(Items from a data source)
_ _ _

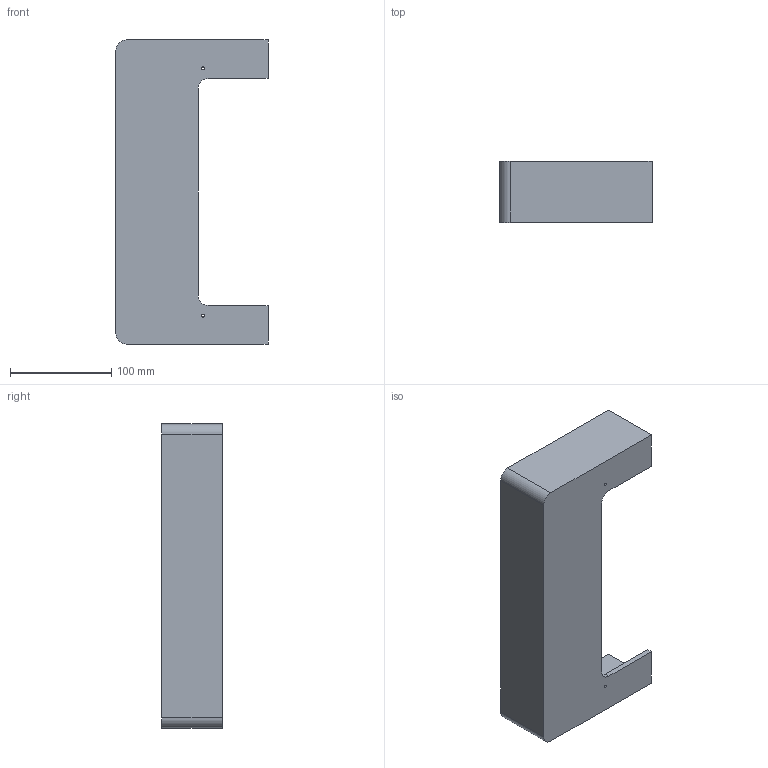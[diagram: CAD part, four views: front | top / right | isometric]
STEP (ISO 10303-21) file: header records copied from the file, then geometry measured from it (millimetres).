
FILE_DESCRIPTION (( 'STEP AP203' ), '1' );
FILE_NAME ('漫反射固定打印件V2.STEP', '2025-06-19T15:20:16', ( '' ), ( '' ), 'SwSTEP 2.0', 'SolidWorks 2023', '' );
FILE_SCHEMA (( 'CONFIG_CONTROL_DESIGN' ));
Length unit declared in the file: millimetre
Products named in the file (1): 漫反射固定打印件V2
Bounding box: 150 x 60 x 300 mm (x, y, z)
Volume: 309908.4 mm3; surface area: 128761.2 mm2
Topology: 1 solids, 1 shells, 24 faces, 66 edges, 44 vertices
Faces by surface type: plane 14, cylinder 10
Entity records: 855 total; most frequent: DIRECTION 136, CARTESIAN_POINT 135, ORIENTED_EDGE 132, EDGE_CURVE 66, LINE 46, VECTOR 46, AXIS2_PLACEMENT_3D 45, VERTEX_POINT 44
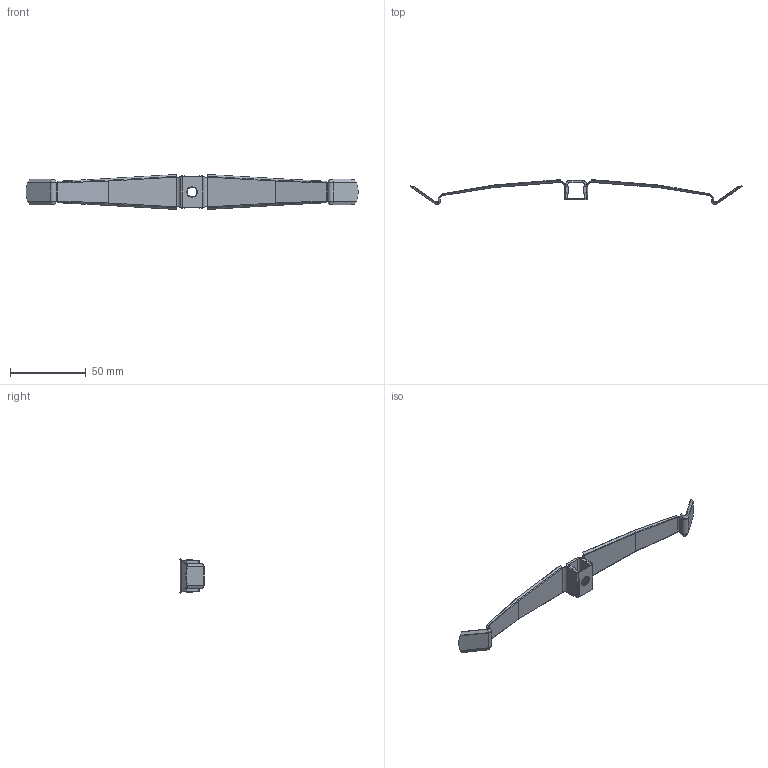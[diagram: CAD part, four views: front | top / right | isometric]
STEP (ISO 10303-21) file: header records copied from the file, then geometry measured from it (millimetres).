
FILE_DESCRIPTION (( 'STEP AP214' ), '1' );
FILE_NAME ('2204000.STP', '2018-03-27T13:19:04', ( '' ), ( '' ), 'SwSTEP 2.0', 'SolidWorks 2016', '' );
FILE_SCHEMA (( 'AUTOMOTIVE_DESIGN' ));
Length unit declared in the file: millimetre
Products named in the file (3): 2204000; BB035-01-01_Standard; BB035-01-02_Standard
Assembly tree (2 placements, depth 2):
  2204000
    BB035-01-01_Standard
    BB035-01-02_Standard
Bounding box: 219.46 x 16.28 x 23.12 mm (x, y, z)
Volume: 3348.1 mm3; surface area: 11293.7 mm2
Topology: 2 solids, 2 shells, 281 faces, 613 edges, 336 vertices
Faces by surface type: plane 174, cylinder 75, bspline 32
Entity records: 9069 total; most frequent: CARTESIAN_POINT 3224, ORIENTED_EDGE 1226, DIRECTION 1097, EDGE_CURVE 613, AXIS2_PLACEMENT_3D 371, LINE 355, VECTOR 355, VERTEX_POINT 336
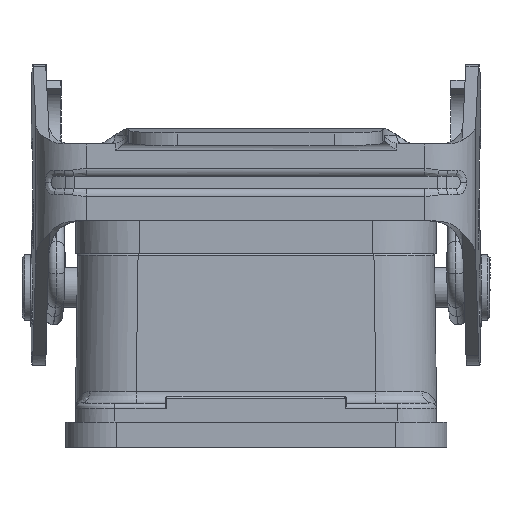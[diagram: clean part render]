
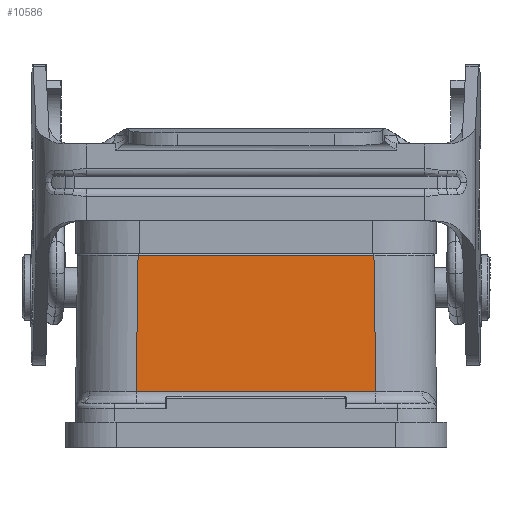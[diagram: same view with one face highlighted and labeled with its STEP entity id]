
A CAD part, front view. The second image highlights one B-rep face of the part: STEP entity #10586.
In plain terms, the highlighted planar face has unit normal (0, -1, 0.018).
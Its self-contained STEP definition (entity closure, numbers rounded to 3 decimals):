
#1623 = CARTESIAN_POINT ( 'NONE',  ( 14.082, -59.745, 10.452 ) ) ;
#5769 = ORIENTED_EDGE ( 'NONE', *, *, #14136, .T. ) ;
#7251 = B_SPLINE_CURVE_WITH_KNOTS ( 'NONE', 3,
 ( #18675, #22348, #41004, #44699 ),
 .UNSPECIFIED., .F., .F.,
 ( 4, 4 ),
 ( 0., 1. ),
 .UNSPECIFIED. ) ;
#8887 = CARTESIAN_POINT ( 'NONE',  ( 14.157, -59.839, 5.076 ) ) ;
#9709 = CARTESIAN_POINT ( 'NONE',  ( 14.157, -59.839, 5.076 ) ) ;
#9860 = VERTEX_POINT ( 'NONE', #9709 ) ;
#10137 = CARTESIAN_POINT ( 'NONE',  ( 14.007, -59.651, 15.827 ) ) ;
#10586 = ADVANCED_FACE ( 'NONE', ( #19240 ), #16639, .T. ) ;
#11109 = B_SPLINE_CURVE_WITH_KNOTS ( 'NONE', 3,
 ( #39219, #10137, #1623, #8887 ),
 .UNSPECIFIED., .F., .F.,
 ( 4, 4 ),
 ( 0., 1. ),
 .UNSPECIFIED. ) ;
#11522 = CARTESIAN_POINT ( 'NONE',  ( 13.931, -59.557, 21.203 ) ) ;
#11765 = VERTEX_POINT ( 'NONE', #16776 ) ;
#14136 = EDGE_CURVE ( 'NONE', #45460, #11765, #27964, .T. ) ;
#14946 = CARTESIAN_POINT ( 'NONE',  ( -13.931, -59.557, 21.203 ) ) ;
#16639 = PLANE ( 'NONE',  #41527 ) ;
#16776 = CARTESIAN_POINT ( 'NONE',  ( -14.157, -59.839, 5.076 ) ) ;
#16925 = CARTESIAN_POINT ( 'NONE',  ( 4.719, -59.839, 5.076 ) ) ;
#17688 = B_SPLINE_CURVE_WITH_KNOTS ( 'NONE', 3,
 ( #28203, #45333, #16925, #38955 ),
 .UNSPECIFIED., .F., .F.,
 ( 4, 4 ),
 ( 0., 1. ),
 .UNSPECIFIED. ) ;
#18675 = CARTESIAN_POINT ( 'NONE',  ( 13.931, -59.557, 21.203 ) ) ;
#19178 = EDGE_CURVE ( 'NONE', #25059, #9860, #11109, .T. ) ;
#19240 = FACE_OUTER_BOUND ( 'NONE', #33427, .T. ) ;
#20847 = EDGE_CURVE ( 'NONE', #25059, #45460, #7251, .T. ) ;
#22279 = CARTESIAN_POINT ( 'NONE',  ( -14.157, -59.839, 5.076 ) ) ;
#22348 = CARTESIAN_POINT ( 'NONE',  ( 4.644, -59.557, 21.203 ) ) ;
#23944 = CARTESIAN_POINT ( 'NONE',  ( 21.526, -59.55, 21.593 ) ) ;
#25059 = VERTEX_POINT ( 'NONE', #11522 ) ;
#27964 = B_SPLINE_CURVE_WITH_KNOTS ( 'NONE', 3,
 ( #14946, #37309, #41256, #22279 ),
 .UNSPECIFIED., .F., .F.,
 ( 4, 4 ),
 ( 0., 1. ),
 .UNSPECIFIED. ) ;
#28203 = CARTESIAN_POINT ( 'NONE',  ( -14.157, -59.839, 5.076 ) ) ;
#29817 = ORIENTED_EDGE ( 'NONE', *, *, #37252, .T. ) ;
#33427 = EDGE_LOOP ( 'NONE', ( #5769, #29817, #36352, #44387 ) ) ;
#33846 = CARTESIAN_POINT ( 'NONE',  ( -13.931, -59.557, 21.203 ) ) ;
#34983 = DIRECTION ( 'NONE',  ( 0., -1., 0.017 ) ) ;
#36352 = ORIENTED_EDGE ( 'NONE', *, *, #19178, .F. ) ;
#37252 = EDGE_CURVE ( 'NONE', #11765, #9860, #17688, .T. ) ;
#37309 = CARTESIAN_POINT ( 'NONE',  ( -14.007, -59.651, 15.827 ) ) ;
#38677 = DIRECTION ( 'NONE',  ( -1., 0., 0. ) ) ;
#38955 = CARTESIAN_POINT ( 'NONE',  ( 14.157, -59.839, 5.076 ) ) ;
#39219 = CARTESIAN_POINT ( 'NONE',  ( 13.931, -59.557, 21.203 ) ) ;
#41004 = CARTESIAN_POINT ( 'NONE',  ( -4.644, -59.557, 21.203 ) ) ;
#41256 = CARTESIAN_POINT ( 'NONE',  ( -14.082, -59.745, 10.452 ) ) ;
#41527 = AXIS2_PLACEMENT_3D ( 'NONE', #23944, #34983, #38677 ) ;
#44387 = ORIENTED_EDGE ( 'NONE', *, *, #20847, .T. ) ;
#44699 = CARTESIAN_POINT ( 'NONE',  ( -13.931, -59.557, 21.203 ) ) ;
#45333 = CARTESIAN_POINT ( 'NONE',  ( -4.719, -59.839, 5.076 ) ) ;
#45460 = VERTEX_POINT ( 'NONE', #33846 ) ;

_ _ _

## Task requirements
Please set down every line of the data above precisely, dropping the images.

## Written solution
[diagram: CAD part, four views: front | top / right | isometric]
STEP (ISO 10303-21) file: header records copied from the file, then geometry measured from it (millimetres).
FILE_DESCRIPTION (( 'STEP AP203' ), '1' );
FILE_NAME ('漫反射固定打印件V2.STEP', '2025-06-19T15:20:16', ( '' ), ( '' ), 'SwSTEP 2.0', 'SolidWorks 2023', '' );
FILE_SCHEMA (( 'CONFIG_CONTROL_DESIGN' ));
Length unit declared in the file: millimetre
Products named in the file (1): 漫反射固定打印件V2
Bounding box: 150 x 60 x 300 mm (x, y, z)
Volume: 309908.4 mm3; surface area: 128761.2 mm2
Topology: 1 solids, 1 shells, 24 faces, 66 edges, 44 vertices
Faces by surface type: plane 14, cylinder 10
Entity records: 855 total; most frequent: DIRECTION 136, CARTESIAN_POINT 135, ORIENTED_EDGE 132, EDGE_CURVE 66, LINE 46, VECTOR 46, AXIS2_PLACEMENT_3D 45, VERTEX_POINT 44
[diagram: CAD part, four views: front | top / right | isometric]
STEP (ISO 10303-21) file: header records copied from the file, then geometry measured from it (millimetres).
FILE_DESCRIPTION (( 'STEP AP214' ), '1' );
FILE_NAME ('2204000.STP', '2018-03-27T13:19:04', ( '' ), ( '' ), 'SwSTEP 2.0', 'SolidWorks 2016', '' );
FILE_SCHEMA (( 'AUTOMOTIVE_DESIGN' ));
Length unit declared in the file: millimetre
Products named in the file (3): 2204000; BB035-01-01_Standard; BB035-01-02_Standard
Assembly tree (2 placements, depth 2):
  2204000
    BB035-01-01_Standard
    BB035-01-02_Standard
Bounding box: 219.46 x 16.28 x 23.12 mm (x, y, z)
Volume: 3348.1 mm3; surface area: 11293.7 mm2
Topology: 2 solids, 2 shells, 281 faces, 613 edges, 336 vertices
Faces by surface type: plane 174, cylinder 75, bspline 32
Entity records: 9069 total; most frequent: CARTESIAN_POINT 3224, ORIENTED_EDGE 1226, DIRECTION 1097, EDGE_CURVE 613, AXIS2_PLACEMENT_3D 371, LINE 355, VECTOR 355, VERTEX_POINT 336
[diagram: clean part render]
[diagram: same view with one face highlighted and labeled with its STEP entity id]
A CAD part, front view. The second image highlights one B-rep face of the part: STEP entity #10586.
In plain terms, the highlighted planar face has unit normal (0, -1, 0.018).
Its self-contained STEP definition (entity closure, numbers rounded to 3 decimals):
#1623 = CARTESIAN_POINT ( 'NONE',  ( 14.082, -59.745, 10.452 ) ) ;
#5769 = ORIENTED_EDGE ( 'NONE', *, *, #14136, .T. ) ;
#7251 = B_SPLINE_CURVE_WITH_KNOTS ( 'NONE', 3,
 ( #18675, #22348, #41004, #44699 ),
 .UNSPECIFIED., .F., .F.,
 ( 4, 4 ),
 ( 0., 1. ),
 .UNSPECIFIED. ) ;
#8887 = CARTESIAN_POINT ( 'NONE',  ( 14.157, -59.839, 5.076 ) ) ;
#9709 = CARTESIAN_POINT ( 'NONE',  ( 14.157, -59.839, 5.076 ) ) ;
#9860 = VERTEX_POINT ( 'NONE', #9709 ) ;
#10137 = CARTESIAN_POINT ( 'NONE',  ( 14.007, -59.651, 15.827 ) ) ;
#10586 = ADVANCED_FACE ( 'NONE', ( #19240 ), #16639, .T. ) ;
#11109 = B_SPLINE_CURVE_WITH_KNOTS ( 'NONE', 3,
 ( #39219, #10137, #1623, #8887 ),
 .UNSPECIFIED., .F., .F.,
 ( 4, 4 ),
 ( 0., 1. ),
 .UNSPECIFIED. ) ;
#11522 = CARTESIAN_POINT ( 'NONE',  ( 13.931, -59.557, 21.203 ) ) ;
#11765 = VERTEX_POINT ( 'NONE', #16776 ) ;
#14136 = EDGE_CURVE ( 'NONE', #45460, #11765, #27964, .T. ) ;
#14946 = CARTESIAN_POINT ( 'NONE',  ( -13.931, -59.557, 21.203 ) ) ;
#16639 = PLANE ( 'NONE',  #41527 ) ;
#16776 = CARTESIAN_POINT ( 'NONE',  ( -14.157, -59.839, 5.076 ) ) ;
#16925 = CARTESIAN_POINT ( 'NONE',  ( 4.719, -59.839, 5.076 ) ) ;
#17688 = B_SPLINE_CURVE_WITH_KNOTS ( 'NONE', 3,
 ( #28203, #45333, #16925, #38955 ),
 .UNSPECIFIED., .F., .F.,
 ( 4, 4 ),
 ( 0., 1. ),
 .UNSPECIFIED. ) ;
#18675 = CARTESIAN_POINT ( 'NONE',  ( 13.931, -59.557, 21.203 ) ) ;
#19178 = EDGE_CURVE ( 'NONE', #25059, #9860, #11109, .T. ) ;
#19240 = FACE_OUTER_BOUND ( 'NONE', #33427, .T. ) ;
#20847 = EDGE_CURVE ( 'NONE', #25059, #45460, #7251, .T. ) ;
#22279 = CARTESIAN_POINT ( 'NONE',  ( -14.157, -59.839, 5.076 ) ) ;
#22348 = CARTESIAN_POINT ( 'NONE',  ( 4.644, -59.557, 21.203 ) ) ;
#23944 = CARTESIAN_POINT ( 'NONE',  ( 21.526, -59.55, 21.593 ) ) ;
#25059 = VERTEX_POINT ( 'NONE', #11522 ) ;
#27964 = B_SPLINE_CURVE_WITH_KNOTS ( 'NONE', 3,
 ( #14946, #37309, #41256, #22279 ),
 .UNSPECIFIED., .F., .F.,
 ( 4, 4 ),
 ( 0., 1. ),
 .UNSPECIFIED. ) ;
#28203 = CARTESIAN_POINT ( 'NONE',  ( -14.157, -59.839, 5.076 ) ) ;
#29817 = ORIENTED_EDGE ( 'NONE', *, *, #37252, .T. ) ;
#33427 = EDGE_LOOP ( 'NONE', ( #5769, #29817, #36352, #44387 ) ) ;
#33846 = CARTESIAN_POINT ( 'NONE',  ( -13.931, -59.557, 21.203 ) ) ;
#34983 = DIRECTION ( 'NONE',  ( 0., -1., 0.017 ) ) ;
#36352 = ORIENTED_EDGE ( 'NONE', *, *, #19178, .F. ) ;
#37252 = EDGE_CURVE ( 'NONE', #11765, #9860, #17688, .T. ) ;
#37309 = CARTESIAN_POINT ( 'NONE',  ( -14.007, -59.651, 15.827 ) ) ;
#38677 = DIRECTION ( 'NONE',  ( -1., 0., 0. ) ) ;
#38955 = CARTESIAN_POINT ( 'NONE',  ( 14.157, -59.839, 5.076 ) ) ;
#39219 = CARTESIAN_POINT ( 'NONE',  ( 13.931, -59.557, 21.203 ) ) ;
#41004 = CARTESIAN_POINT ( 'NONE',  ( -4.644, -59.557, 21.203 ) ) ;
#41256 = CARTESIAN_POINT ( 'NONE',  ( -14.082, -59.745, 10.452 ) ) ;
#41527 = AXIS2_PLACEMENT_3D ( 'NONE', #23944, #34983, #38677 ) ;
#44387 = ORIENTED_EDGE ( 'NONE', *, *, #20847, .T. ) ;
#44699 = CARTESIAN_POINT ( 'NONE',  ( -13.931, -59.557, 21.203 ) ) ;
#45333 = CARTESIAN_POINT ( 'NONE',  ( -4.719, -59.839, 5.076 ) ) ;
#45460 = VERTEX_POINT ( 'NONE', #33846 ) ;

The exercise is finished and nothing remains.